Effect of melt spinning on gaseous hydrogen storage characteristics of nanocrystalline and amorphous Nd-added Mg2Ni-type alloys

Nanocrystalline and amorphous Mg-Nd-Ni-Cu quaternary alloys with a composition of (Mg24Ni10Cu2)100-xNdx (x=0, 5, 10, 15, 20) were prepared by melt spinning technology and their structures as well as gaseous hydrogen storage characteristics were investigated. The XRD, TEM and SEM linked with EDS detections reveal that the as-spun Nd-free alloy holds an entire nanocrystalline structure but a nanocrystalline and amorphous structure for the as-spun Nd-added alloy, implying that the addition of Nd facilitates the glass forming in the Mg2Ni-type alloy. Furthermore, the degree of amorphization of the as-spun Nd-added alloy and thermal stability of the amorphous structure clearly increase with the spinning rate rising. The melt spinning ameliorates the hydriding and dehydriding kinetics of the alloys dramatically.
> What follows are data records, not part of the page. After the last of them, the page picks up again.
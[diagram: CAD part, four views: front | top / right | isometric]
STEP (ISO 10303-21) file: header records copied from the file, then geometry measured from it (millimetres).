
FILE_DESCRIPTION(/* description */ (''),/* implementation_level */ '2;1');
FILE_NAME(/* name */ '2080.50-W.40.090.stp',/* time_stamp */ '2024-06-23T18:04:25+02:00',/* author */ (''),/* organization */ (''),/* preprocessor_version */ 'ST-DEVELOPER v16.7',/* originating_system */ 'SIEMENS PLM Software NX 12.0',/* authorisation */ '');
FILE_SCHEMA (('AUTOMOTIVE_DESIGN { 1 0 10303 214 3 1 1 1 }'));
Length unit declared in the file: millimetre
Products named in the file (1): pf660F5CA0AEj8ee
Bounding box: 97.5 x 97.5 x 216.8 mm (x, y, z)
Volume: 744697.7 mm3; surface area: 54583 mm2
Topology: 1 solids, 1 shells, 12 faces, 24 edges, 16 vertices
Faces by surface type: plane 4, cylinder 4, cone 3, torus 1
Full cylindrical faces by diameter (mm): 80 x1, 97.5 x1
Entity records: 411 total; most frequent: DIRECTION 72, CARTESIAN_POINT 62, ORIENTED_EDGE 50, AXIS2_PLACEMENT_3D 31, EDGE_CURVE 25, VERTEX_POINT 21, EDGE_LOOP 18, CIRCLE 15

Specially, the rising of the spinning rate from 0 (the as-cast was defined as the spinning rate of 0 m/s) to 40 m/s brings on the hydrogen absorption saturation ratio (R5a) (a ratio of the hydrogen absorption quantity in 5 min to the saturated hydrogen absorption capacity) increasing from 36.9% to 91.5% and the hydrogen desorption ratio (R10d) (a ratio of the hydrogen desorption quantity in 10 min to the saturated hydrogen absorption capacity) rising from 16.4% to 47.7% for the (x=10) alloy, respectively.